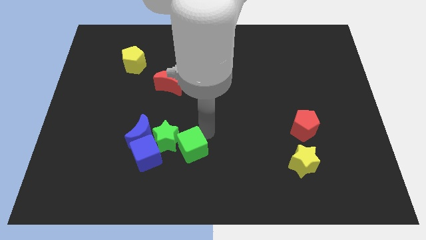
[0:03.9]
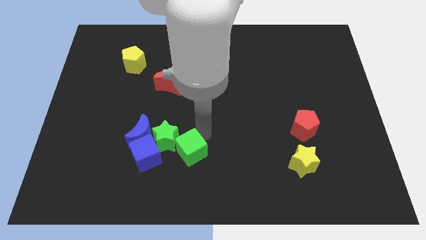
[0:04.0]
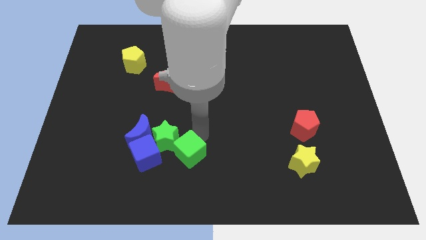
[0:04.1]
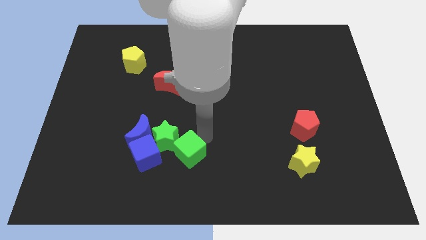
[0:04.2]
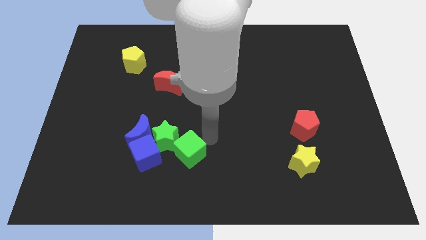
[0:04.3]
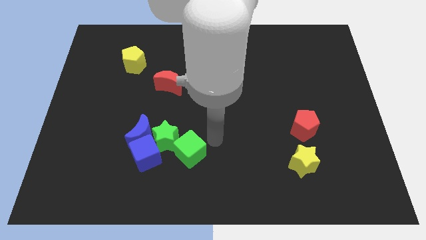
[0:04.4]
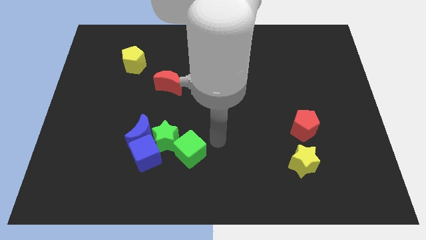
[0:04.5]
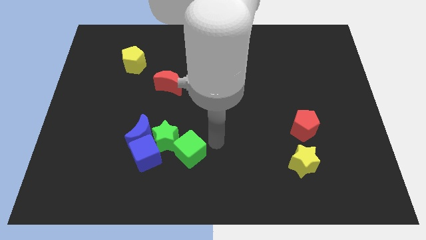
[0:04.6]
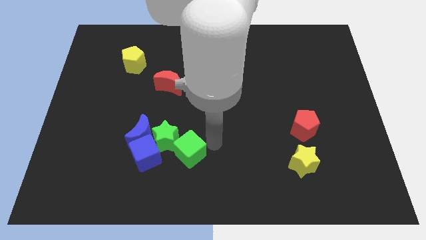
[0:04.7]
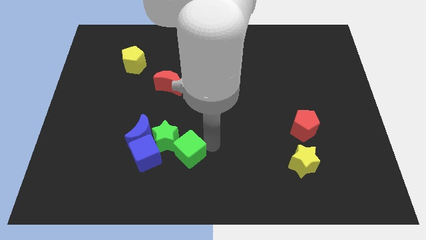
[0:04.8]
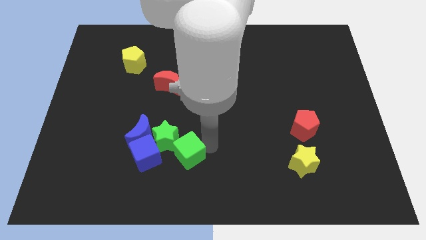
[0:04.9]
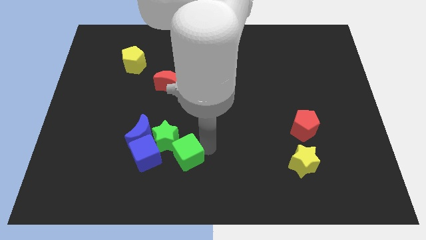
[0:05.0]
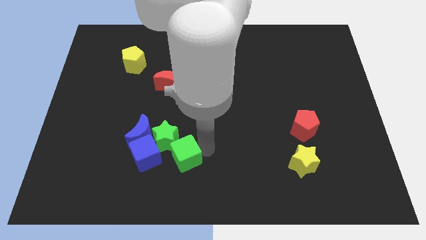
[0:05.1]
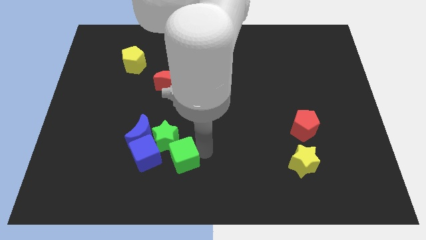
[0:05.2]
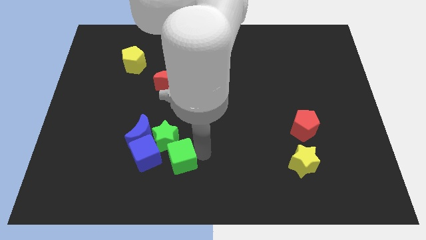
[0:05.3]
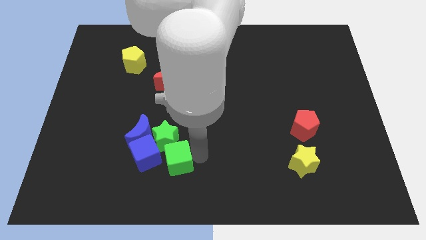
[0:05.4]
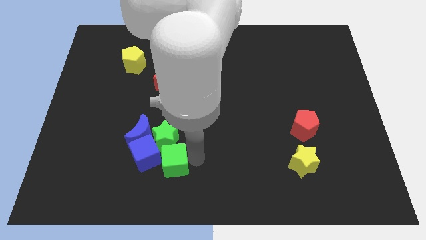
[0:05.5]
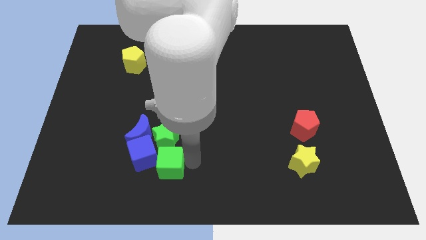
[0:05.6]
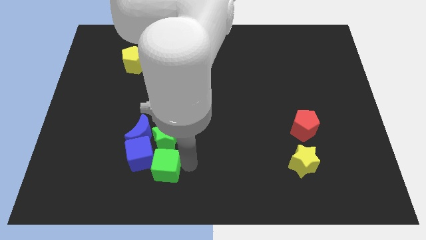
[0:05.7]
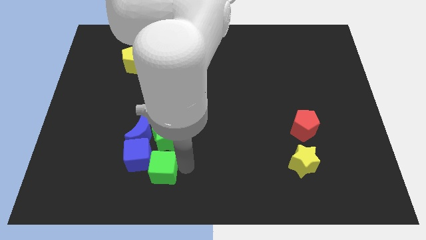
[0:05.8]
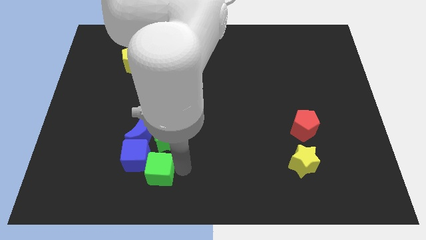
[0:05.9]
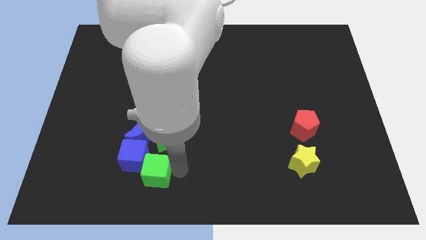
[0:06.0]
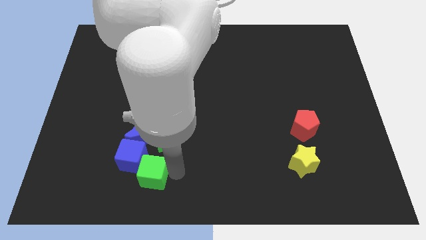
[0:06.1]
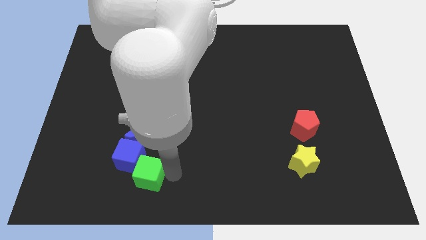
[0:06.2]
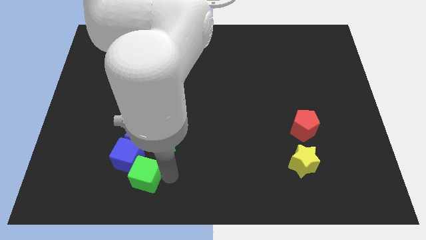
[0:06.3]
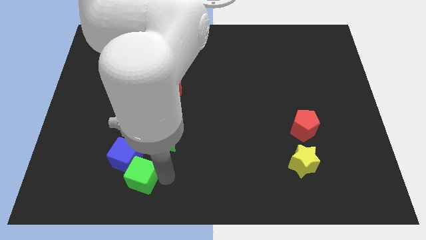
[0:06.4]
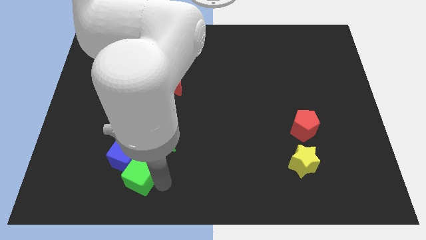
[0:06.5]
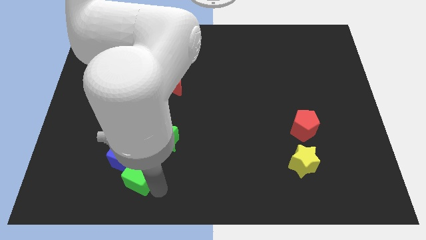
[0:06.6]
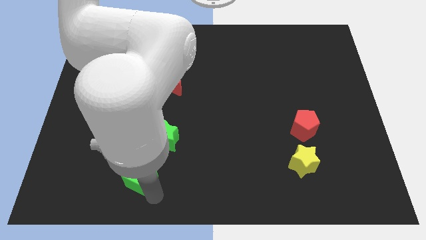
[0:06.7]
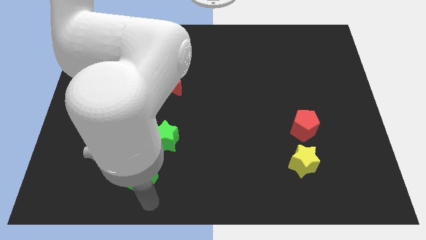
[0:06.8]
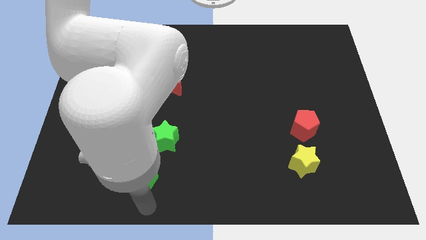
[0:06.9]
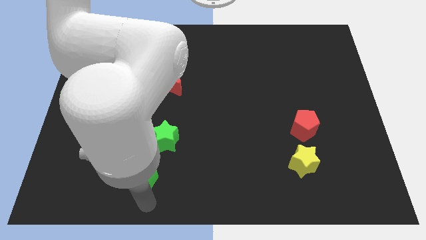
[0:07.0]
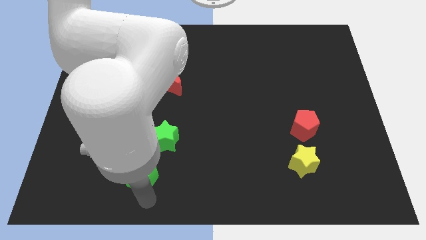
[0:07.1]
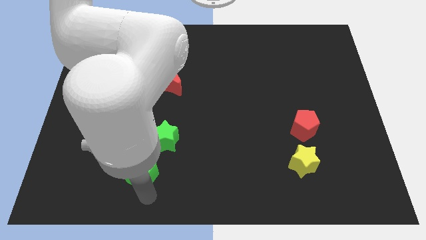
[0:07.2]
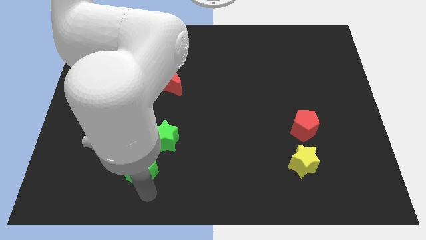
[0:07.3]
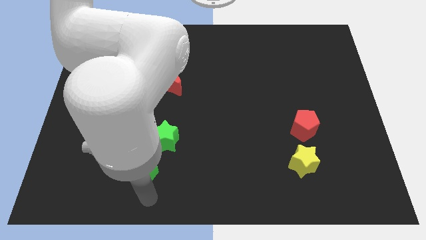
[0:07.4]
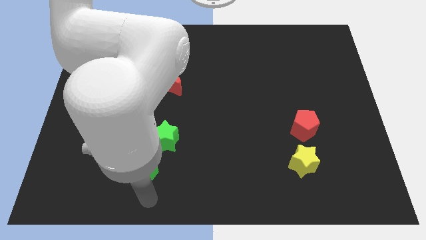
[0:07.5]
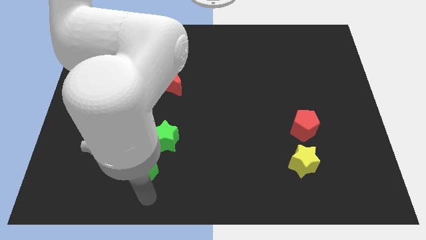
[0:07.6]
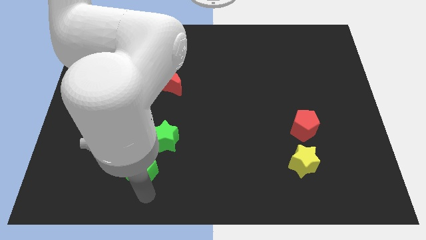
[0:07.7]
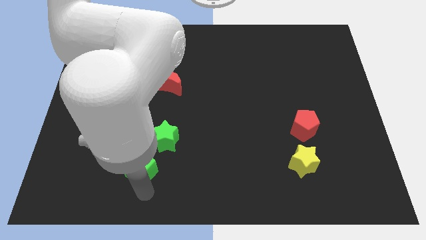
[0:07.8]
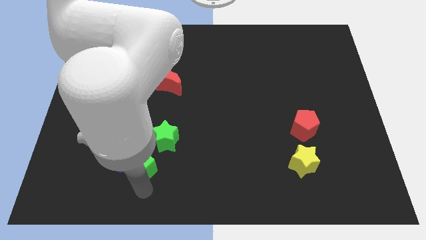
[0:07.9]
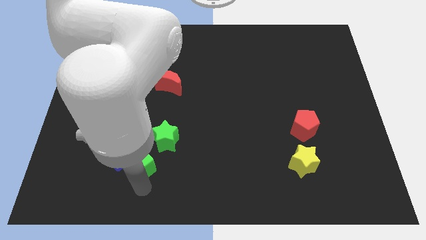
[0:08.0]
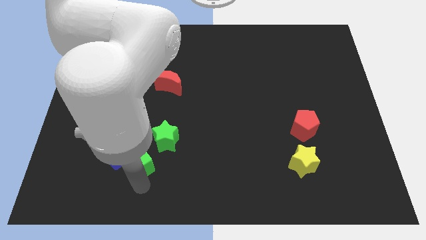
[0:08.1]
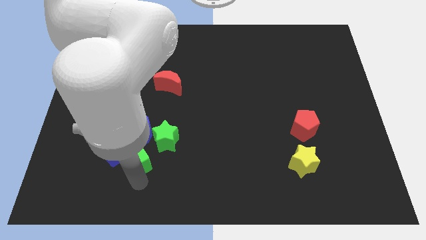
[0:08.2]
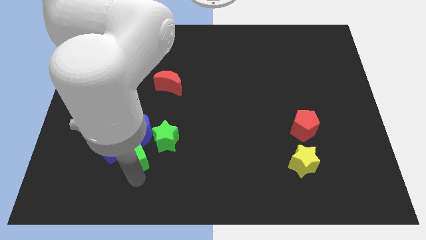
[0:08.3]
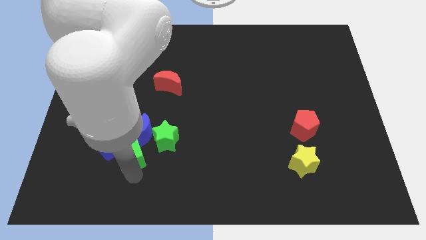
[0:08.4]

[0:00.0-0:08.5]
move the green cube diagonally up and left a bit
——————————
Task details: Without the pictures, repeat the listing exactly as it reads.

Solution:
[0:03.9]
[0:04.0]
[0:04.1]
[0:04.2]
[0:04.3]
[0:04.4]
[0:04.5]
[0:04.6]
[0:04.7]
[0:04.8]
[0:04.9]
[0:05.0]
[0:05.1]
[0:05.2]
[0:05.3]
[0:05.4]
[0:05.5]
[0:05.6]
[0:05.7]
[0:05.8]
[0:05.9]
[0:06.0]
[0:06.1]
[0:06.2]
[0:06.3]
[0:06.4]
[0:06.5]
[0:06.6]
[0:06.7]
[0:06.8]
[0:06.9]
[0:07.0]
[0:07.1]
[0:07.2]
[0:07.3]
[0:07.4]
[0:07.5]
[0:07.6]
[0:07.7]
[0:07.8]
[0:07.9]
[0:08.0]
[0:08.1]
[0:08.2]
[0:08.3]
[0:08.4]

[0:00.0-0:08.5]
move the green cube diagonally up and left a bit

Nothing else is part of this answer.